Third, Father argues that on June 11, 2007, the trial court vacated the order of custody and visitation that was formalized on September 18, 2006, after Mother and Father attended mediation. Father supports this assertion with a citation to "exhibit one." We are unable to locate in the record an order vacating the formal custody and visitation order. Furthermore, the order of support that Father is appealing was entered on January 12, 2007. Accordingly, even if "exhibit one" were included in the record, we could not consider it, because it was not part of the record at the time the order of support was entered. (Reserve Insurance Co. v. Pisciotta (1982) 30 Cal.3d 800, 813.) Consequently, we do not address this portion of Fathers argument.
Fourth, we do not address Fathers argument that as to the twin boys he should have been given a 24-percent timeshare, because Father provides no reasoning for this assertion. (See Berger v. Godden (1985) 163 Cal.App.3d 1113, 1120 [contention unsupported by "pertinent or cognizable legal argument" deemed abandoned].)

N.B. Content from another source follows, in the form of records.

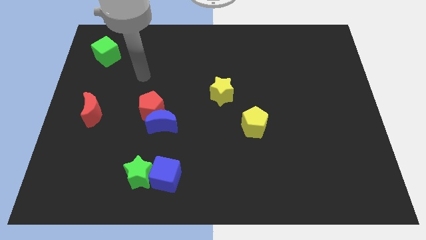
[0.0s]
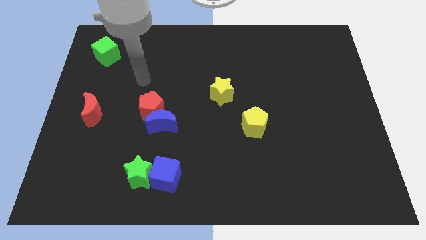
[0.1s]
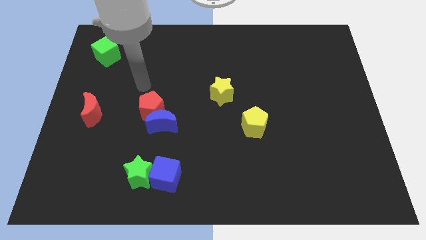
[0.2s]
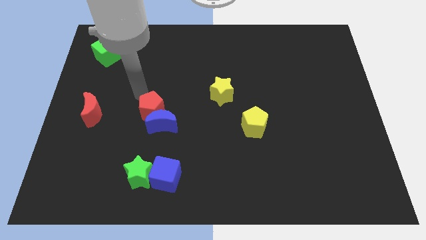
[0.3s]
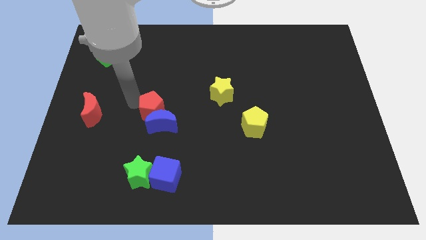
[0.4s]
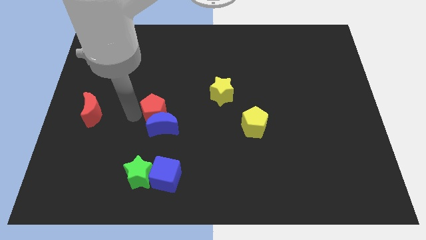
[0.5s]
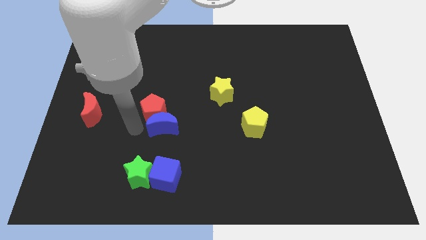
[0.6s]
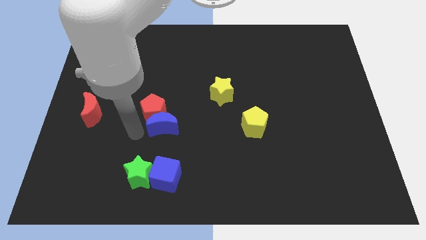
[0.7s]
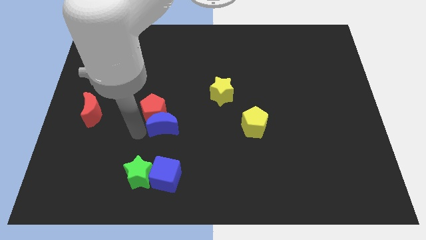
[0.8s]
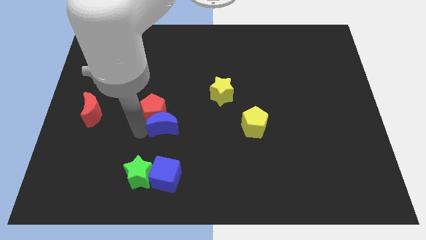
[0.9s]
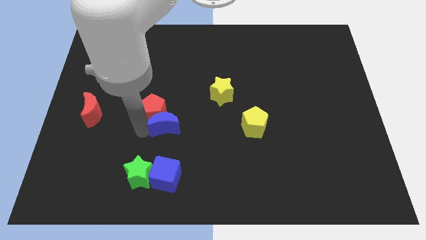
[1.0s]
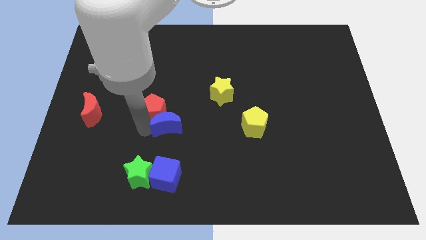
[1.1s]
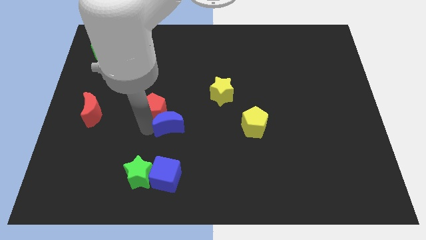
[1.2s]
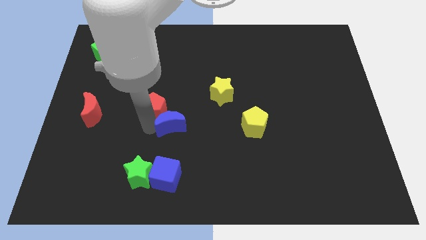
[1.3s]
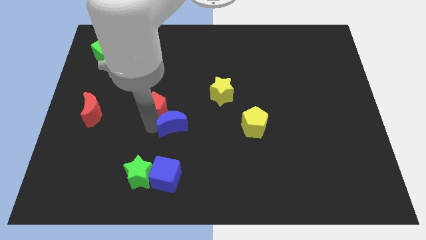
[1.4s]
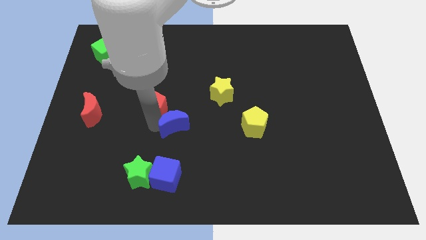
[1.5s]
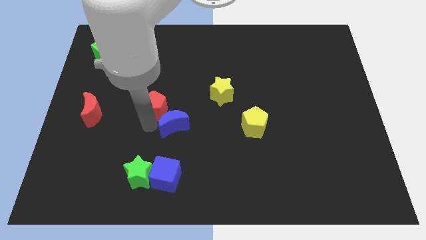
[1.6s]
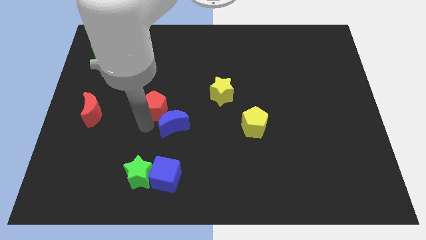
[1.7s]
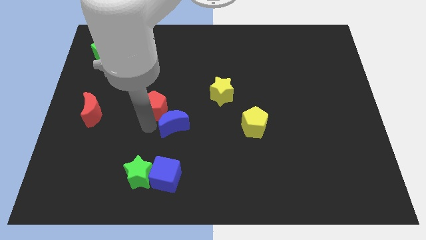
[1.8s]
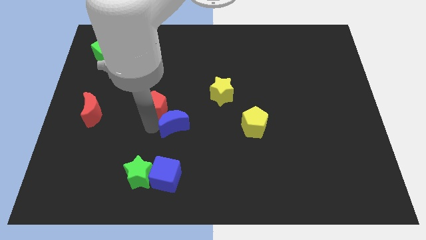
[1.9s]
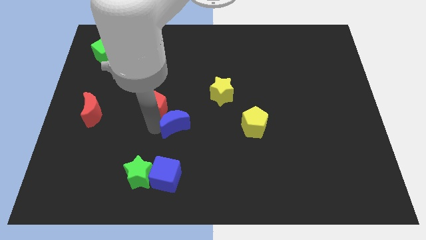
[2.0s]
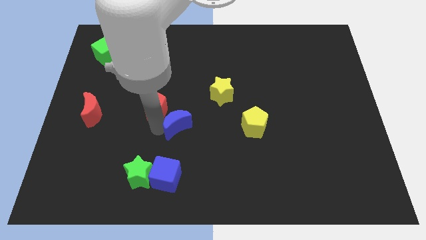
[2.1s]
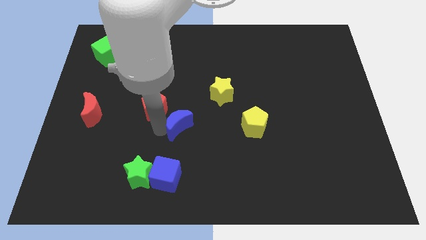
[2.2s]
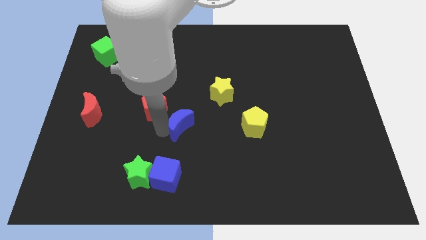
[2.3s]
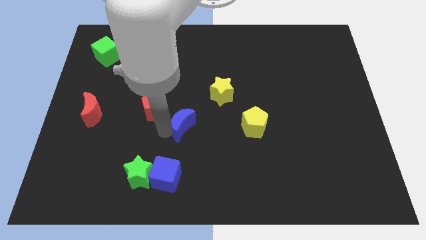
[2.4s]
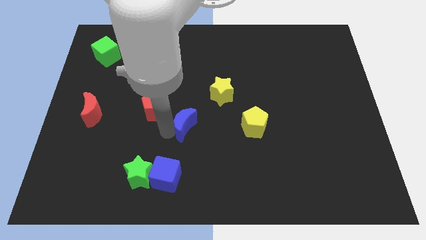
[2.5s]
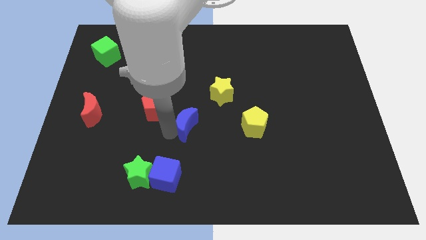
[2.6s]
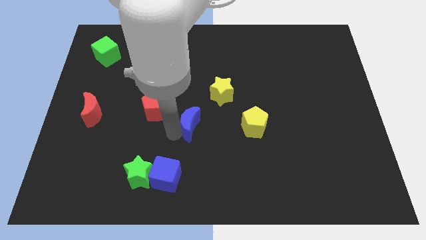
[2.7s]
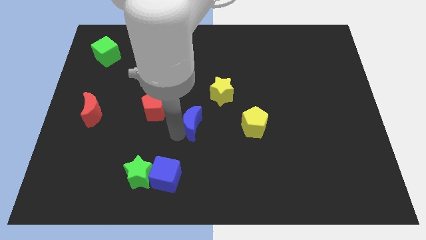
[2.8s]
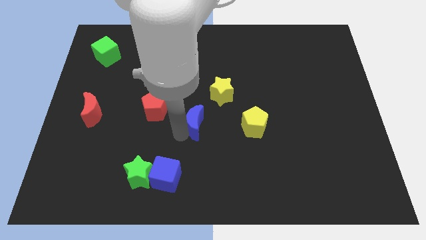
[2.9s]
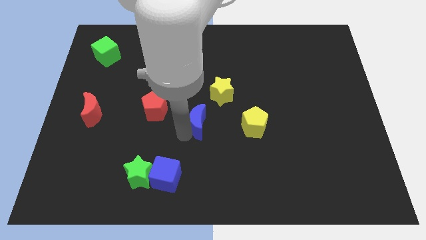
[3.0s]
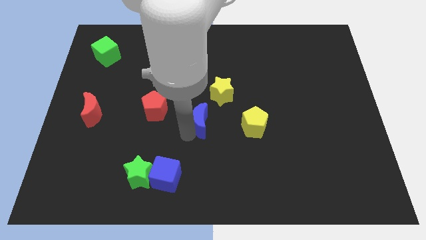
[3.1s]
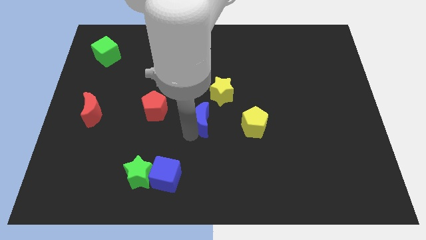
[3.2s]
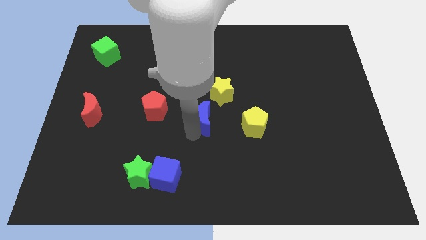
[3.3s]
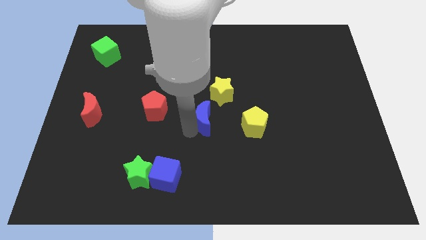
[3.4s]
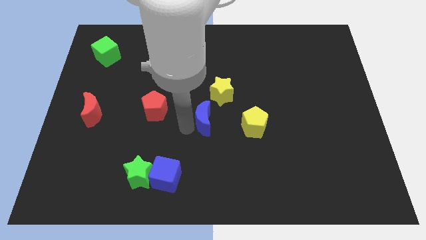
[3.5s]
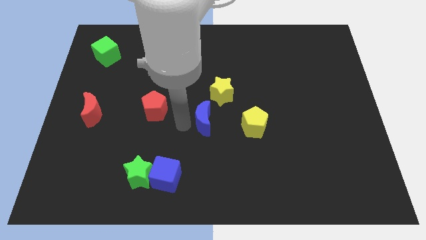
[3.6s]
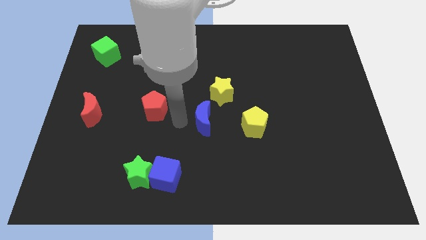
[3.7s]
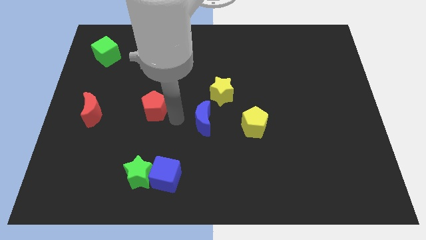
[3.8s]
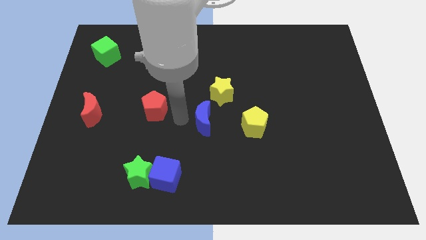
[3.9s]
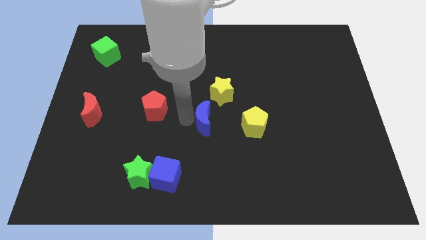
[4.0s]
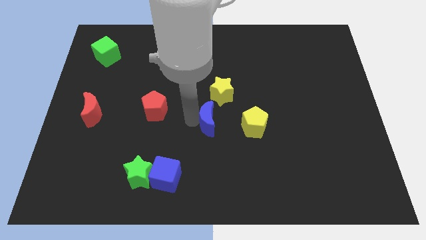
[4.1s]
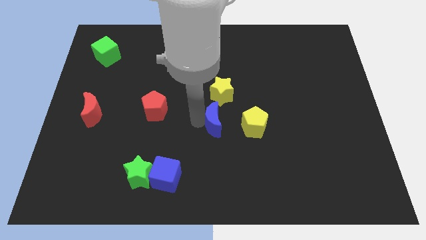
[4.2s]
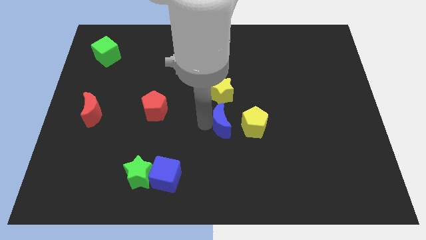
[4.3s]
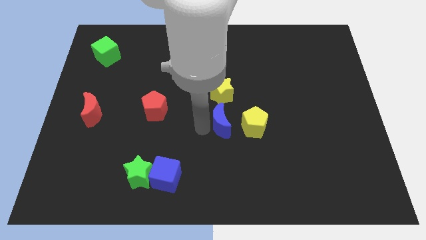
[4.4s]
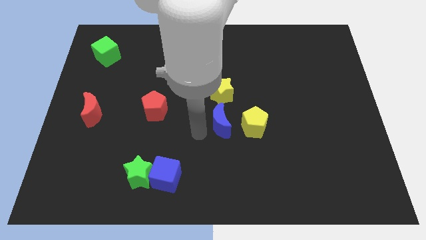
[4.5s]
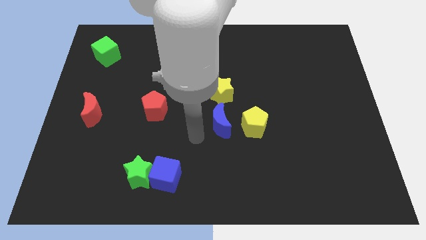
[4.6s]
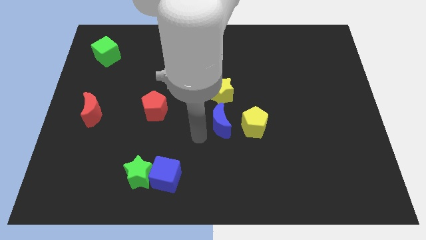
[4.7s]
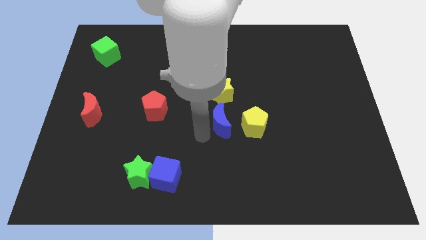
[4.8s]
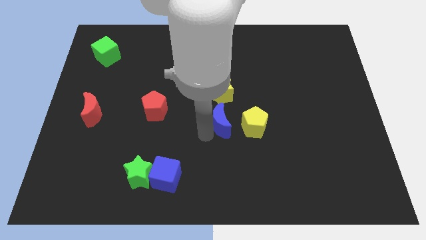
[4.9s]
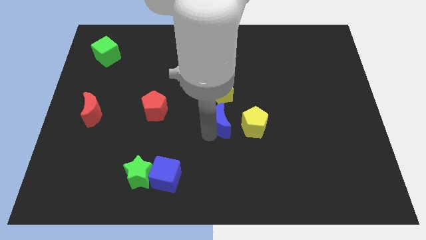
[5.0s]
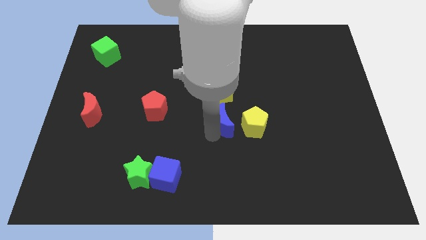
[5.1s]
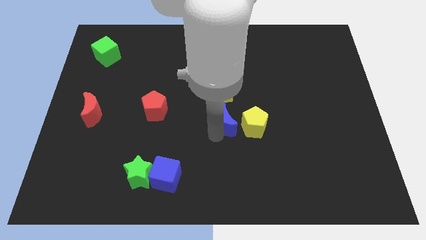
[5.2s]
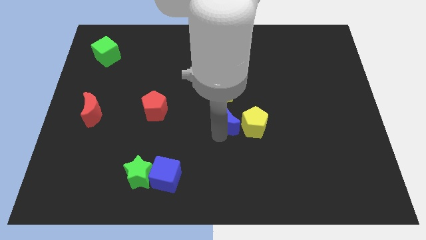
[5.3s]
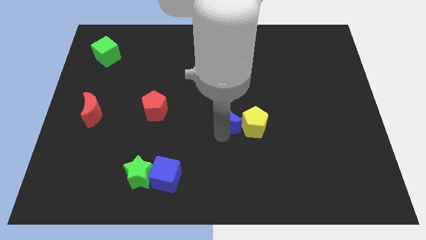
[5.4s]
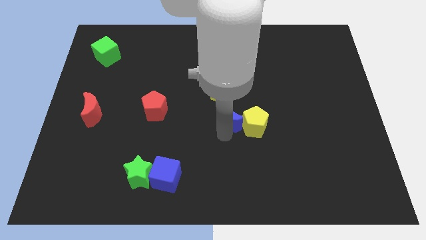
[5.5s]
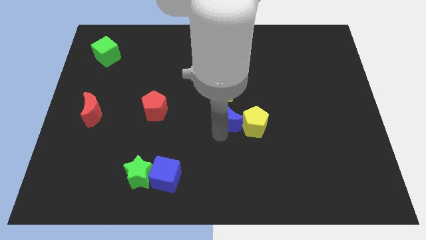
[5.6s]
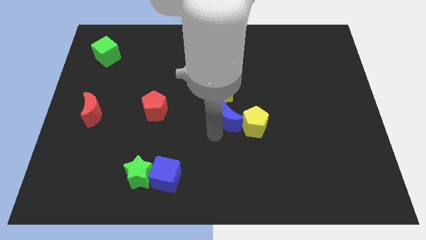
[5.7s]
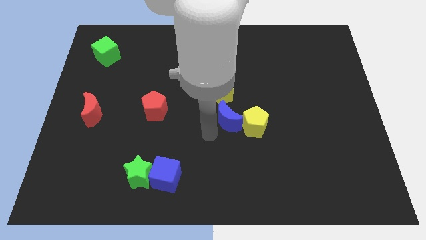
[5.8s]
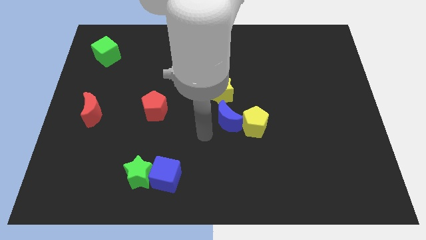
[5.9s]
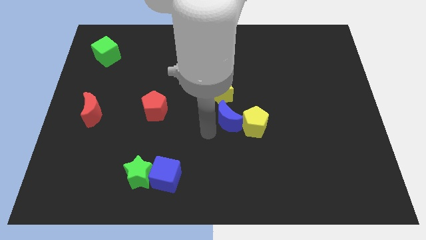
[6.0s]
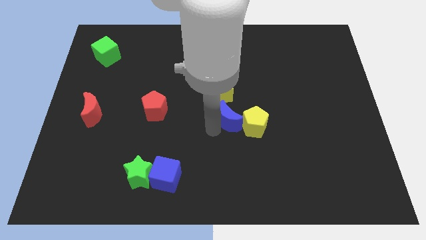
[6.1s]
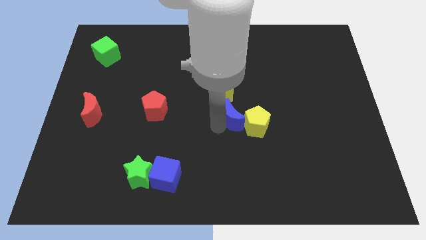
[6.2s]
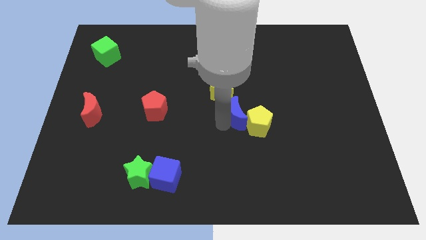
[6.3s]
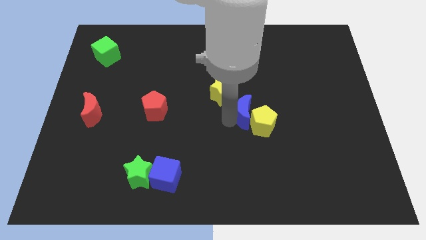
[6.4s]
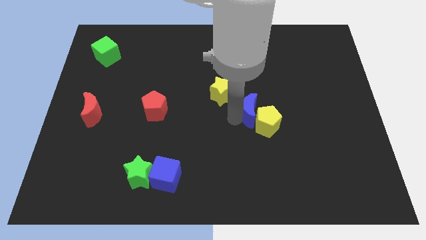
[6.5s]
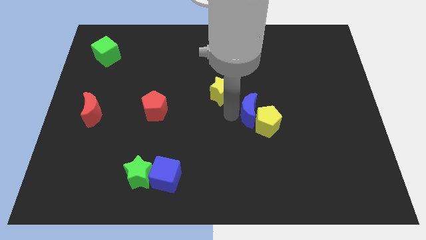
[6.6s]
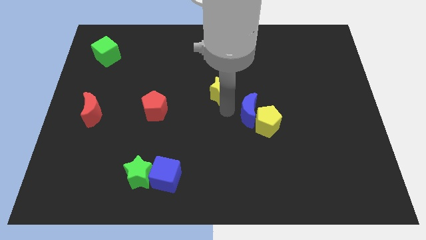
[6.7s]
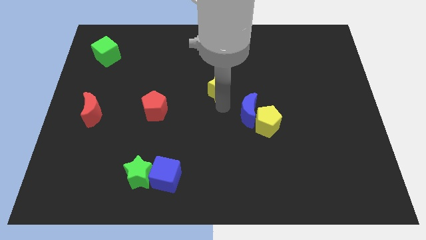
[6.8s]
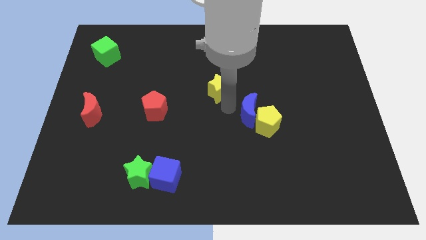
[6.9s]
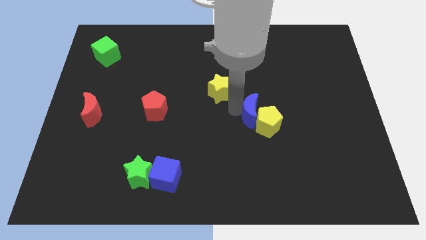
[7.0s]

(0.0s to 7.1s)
move the blue moon right

Fifth, as to Fathers request that we take judicial notice that Mother was earning $4,185 per month, we deny the request because Father has provided no citation or reference for us to determine whether he is correct that Mother was earning $4,185 per month. (Ross v. Creel Printing & Publishing Co. (2002) 100 Cal.App.4th 736, 744 ["burden is on the party seeking judicial notice to provide sufficient information to allow the court to take judicial notice"].)
DISPOSITION
The December 21, 2006, and January 12, 2007, orders for child support are affirmed. The January 19, 2007, order regarding child custody and visitation is affirmed.
We concur:
Hollenhorst, Acting P.J.
Richli, J.
CS = K [HN - (H%)(TN)] CS = the amount of child support. K = the amount of parents combined income to be allocated for child support; this is computed by a formula. HN = the high earners net monthly disposable income. H% = the percentage of time the high earner has primary custody. TN = the total net monthly disposable income of both parents. (§ 4055, subds. (a) & (b).)